This site has called my attention to
this audio call from Wednesday night's Oklahoma Redhawks/Round Rock Express AAA baseball game.
Start listening at the one hour, 47 minute mark. And make yourself a sandwich before you do--things don't get sorted out for 20 minutes.
I will not be commenting on the call or badmouthing the replacement/scab umpires--I leave this to you guys to do. And my knowledge of baseball rules isn't really enough to say what the right thing to do in this situation is anyway (other than, obviously, not to catch the damned ball that was tossed to him).
Instead, I'd like to talk about the way the Redhawks' play-by-play guy, Jim Myers, goes absolutely crazy-nuts, calling the umpires many, many names (off the top of my head, I recall fat, incompetent, clown, and if I listened to it again.
If you read this site with any regularity (and I am talking to all three or four of you), you know how quickly I'll leap to the aid of attacked umpires.

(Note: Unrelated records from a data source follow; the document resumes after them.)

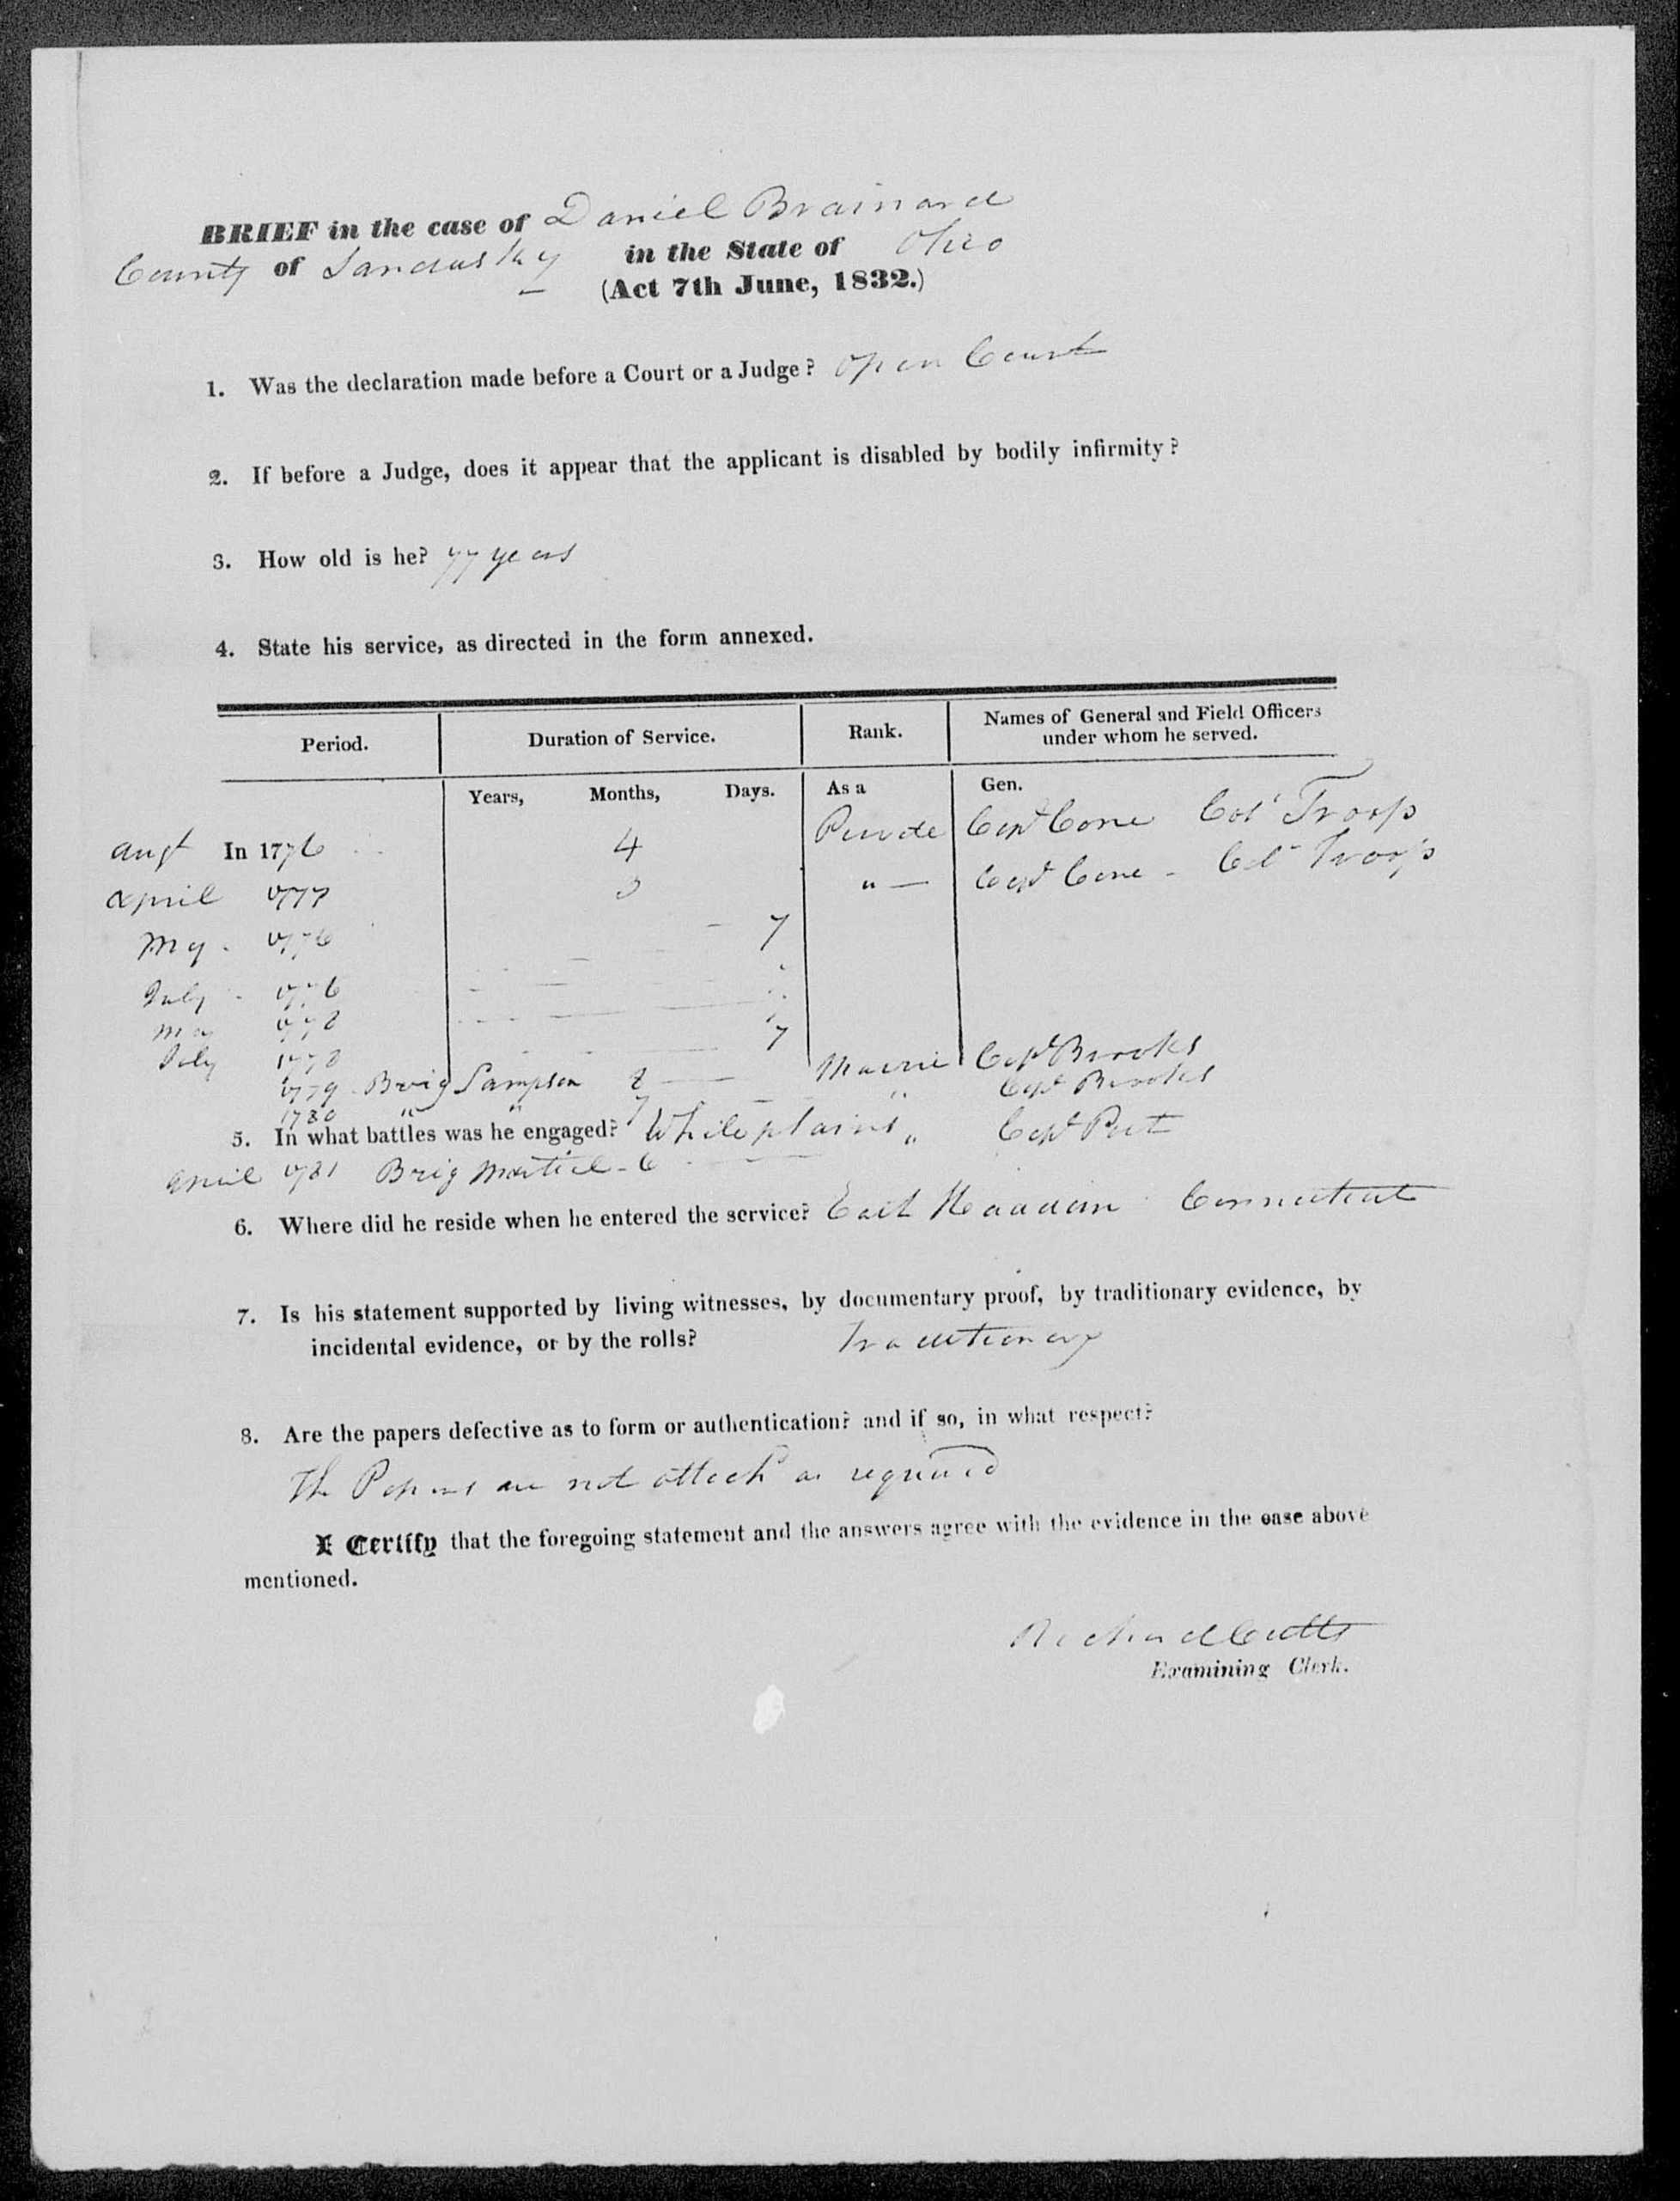Brief in the case of Daniel Brainard
County of Sandusky in the State of Ohio
(Act 7th June, 1832)
1. Was the declaration made before a Court or a Judge?  Open Court
2. If before a Judge, does it appear that the applicant is disabled by bodily infirmity?
3. How old is he?  77 years
4. State his service, as directed in the form annexed.
Period.  Duration of Service.  Rank.  Names of General and Field Officers under whom he served.

Aug. In 1776  Months 4 As a Private Gen. Capt. Cone Col. Troop
April 1777 Months 3 As a Private Capt. Cone Col. Troop
May 1776 Days 7 
July 1776 Days 7
May 1778 Days 7
July 1778 Days 7
1779 Brig. Sampson Months 8 As a Marine Capt. Brooks
1780 Brig. Sampson Months 7 As a Marine Capt. Brooks
April 1781 Brig. Martial Months 6 As a Marine Capt. Port

5. In what battles was he engaged? White Plains
6. Where did he reside when he entered the service?  East Haddem Connecticut
7. Is his statement supported by living witnesses, by documentary proof, by traditionary evidence, by incidental evidence, or by the rolls?  In a written copy
8. Are the papers defective as to form or authentication? and if so, in what respect?
The papers are not attached as required
I Certify that the foregoing statement and the answers agree with the evidence in the ease above mentioned.
Michael Scotts
Examining Clerk.

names: Cone, Cone, Brooks, Troop, Brooks, Richard Cutts, Daniel Brainard, Post, Troop
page: 11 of 30
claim: survivor's
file: S. 3099, Daniel Brainard, Conn. Privateer

I don't justify anyone calling anyone the names Myers calls the replacements/scabs, and I get a distinct impression that Myers isn't exactly a sweet man. But my instinctive reaction to these situations--to come to the defense of my "brothers in blue"--just ain' t there. And that's a shame, because if this happened at a high school or college game that these men happened to be working without crossing a picket line first, I'd have their backs.
Am I impacted by the way Myers identifies himself as a former hockey official...saying he's been there? Am I impacted by what seems to be a very, very poorly handled situation by the umpiring crew? I just don't know. But I don't feel the indignation I normally would.
I'm not proud of my sudden lack of empathy. But, for better or worse, it's there. So while I'm
not in favor of taking political advantage of a man being hit by a bat, I guess in some ways I'm more pro-union than I thought I was.
Good God, I want this damn thing to end.